== Work request ==
After removing every image, reproduce the data exactly as it appears.

[Dataset entries]
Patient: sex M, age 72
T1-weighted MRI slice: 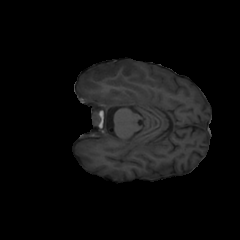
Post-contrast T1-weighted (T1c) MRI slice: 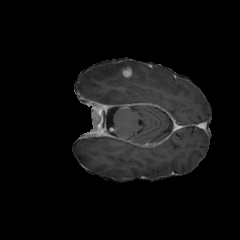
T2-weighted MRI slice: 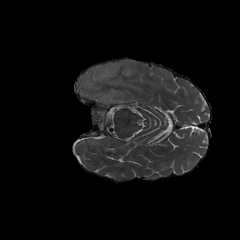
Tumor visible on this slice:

== Answer box ==
Patient: sex M, age 72
T1-weighted MRI slice: 
Post-contrast T1-weighted (T1c) MRI slice: 
T2-weighted MRI slice: 
Tumor visible on this slice:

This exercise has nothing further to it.